Although CBCT enables analysis of an implant site and guided implant placement with prior fabrication of provisional restorations, two downsides are the additional patient exposure to ionizing radiation and the expenses associated with the CBCT imaging and implant placement guide, Scherer notes.
It's important to remember that surgical procedures are best performed with careful attention to the human tissues, advises Scherer. Some clinicians consider immediate implant placement risky and will use a two-stage approach; others consider it highly predictable, he adds.
"I maintain that there is a case-by-case basis for selecting each approach, and both work extremely well. It all depends upon case selection," Scherer reiterates.
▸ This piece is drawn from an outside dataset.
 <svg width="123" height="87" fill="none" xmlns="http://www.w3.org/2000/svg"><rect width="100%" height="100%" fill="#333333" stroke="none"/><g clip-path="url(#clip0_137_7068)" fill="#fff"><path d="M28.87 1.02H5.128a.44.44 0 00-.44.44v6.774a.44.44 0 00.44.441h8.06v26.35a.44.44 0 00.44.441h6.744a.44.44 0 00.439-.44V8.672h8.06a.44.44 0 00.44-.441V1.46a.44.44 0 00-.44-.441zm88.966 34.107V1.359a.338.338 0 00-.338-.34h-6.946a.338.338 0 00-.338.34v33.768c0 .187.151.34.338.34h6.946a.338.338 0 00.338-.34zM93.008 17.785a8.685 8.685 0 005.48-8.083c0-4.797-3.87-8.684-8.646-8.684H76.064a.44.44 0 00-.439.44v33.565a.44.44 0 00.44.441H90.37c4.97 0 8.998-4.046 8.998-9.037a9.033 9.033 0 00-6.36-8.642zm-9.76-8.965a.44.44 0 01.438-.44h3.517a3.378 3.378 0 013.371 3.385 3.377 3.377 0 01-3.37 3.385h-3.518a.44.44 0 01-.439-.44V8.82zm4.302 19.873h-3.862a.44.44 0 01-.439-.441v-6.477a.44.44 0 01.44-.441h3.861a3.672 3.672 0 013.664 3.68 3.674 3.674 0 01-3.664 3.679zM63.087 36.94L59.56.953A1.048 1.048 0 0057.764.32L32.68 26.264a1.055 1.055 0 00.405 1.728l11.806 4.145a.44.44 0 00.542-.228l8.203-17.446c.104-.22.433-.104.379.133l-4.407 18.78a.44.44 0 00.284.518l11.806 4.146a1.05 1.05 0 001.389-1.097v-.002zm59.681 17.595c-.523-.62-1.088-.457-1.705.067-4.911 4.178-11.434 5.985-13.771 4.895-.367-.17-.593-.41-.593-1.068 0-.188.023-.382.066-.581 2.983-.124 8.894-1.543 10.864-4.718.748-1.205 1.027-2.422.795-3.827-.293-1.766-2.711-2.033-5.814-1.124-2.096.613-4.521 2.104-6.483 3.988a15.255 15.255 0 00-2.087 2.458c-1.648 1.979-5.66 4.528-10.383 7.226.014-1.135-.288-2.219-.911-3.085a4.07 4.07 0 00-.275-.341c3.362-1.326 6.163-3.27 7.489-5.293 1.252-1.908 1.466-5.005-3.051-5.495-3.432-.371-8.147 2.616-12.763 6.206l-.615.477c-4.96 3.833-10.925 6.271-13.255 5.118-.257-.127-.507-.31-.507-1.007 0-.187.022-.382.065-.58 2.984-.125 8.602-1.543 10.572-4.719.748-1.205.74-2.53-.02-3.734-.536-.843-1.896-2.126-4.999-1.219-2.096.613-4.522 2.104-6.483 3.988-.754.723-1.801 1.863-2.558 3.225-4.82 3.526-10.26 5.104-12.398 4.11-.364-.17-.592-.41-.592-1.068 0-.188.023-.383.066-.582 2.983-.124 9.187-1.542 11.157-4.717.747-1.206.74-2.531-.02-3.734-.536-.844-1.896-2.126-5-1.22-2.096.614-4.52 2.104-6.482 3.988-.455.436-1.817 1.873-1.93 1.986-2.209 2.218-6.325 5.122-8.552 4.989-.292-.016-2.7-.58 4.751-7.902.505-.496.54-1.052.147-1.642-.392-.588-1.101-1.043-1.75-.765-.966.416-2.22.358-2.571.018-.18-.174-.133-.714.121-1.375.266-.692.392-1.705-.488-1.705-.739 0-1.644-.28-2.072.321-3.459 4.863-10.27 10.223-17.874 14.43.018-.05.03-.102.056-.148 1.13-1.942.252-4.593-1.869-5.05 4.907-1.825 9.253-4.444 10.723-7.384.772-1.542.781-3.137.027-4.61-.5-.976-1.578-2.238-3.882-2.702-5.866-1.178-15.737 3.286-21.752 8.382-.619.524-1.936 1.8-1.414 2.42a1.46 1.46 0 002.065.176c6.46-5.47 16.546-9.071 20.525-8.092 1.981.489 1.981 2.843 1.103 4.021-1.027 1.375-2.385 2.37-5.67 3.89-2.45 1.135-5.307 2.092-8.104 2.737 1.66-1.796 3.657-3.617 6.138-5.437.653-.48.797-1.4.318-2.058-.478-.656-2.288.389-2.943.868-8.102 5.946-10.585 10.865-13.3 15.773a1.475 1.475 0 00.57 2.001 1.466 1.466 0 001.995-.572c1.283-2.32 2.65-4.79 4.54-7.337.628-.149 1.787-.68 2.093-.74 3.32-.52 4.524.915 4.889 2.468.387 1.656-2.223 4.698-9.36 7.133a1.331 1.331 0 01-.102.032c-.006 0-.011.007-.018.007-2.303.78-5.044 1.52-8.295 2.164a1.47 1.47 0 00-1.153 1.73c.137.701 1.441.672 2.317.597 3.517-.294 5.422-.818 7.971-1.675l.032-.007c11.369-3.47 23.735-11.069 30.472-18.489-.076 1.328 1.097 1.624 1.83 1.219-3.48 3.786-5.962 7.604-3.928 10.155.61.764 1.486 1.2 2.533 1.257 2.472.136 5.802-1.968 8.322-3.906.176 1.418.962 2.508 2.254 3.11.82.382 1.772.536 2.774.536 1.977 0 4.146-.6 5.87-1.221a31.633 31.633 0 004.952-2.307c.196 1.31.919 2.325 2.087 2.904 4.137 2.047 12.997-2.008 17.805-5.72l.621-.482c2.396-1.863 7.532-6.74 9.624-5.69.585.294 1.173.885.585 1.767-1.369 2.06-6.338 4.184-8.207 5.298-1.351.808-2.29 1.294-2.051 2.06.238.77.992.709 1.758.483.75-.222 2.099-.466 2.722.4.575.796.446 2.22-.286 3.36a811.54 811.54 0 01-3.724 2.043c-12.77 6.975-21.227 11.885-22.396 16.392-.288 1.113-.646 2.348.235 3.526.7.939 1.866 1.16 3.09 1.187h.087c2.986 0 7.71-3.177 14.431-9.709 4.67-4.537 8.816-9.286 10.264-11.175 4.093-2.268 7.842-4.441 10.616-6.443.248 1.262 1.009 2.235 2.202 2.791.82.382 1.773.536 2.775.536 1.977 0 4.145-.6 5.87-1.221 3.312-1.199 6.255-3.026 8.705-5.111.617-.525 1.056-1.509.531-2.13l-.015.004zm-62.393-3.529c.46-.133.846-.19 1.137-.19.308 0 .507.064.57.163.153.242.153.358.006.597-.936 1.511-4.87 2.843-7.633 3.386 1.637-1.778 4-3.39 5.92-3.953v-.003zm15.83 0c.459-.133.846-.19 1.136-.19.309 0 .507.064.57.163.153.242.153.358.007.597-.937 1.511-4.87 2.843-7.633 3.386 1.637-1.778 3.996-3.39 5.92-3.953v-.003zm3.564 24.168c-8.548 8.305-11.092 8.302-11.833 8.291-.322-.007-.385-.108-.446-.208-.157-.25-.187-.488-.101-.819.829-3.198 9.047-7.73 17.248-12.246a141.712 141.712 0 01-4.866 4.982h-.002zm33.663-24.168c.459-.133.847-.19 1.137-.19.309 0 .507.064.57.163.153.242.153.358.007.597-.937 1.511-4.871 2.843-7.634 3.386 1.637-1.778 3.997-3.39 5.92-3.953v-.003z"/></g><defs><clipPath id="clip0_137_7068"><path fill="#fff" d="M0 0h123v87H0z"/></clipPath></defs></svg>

That said, Chu offers a pretext to each of these modalities by emphasizing that dentists must be knowledgeable and feel comfortable with whichever approach they undertake. He notes that "doctors are their own ‘gatekeepers,' and they must feel comfortable performing certain procedures. If a procedure puts them outside of their comfort zone, then I would recommend either pursuing advanced training until they feel comfortable, making a proper referral, or not doing it at all."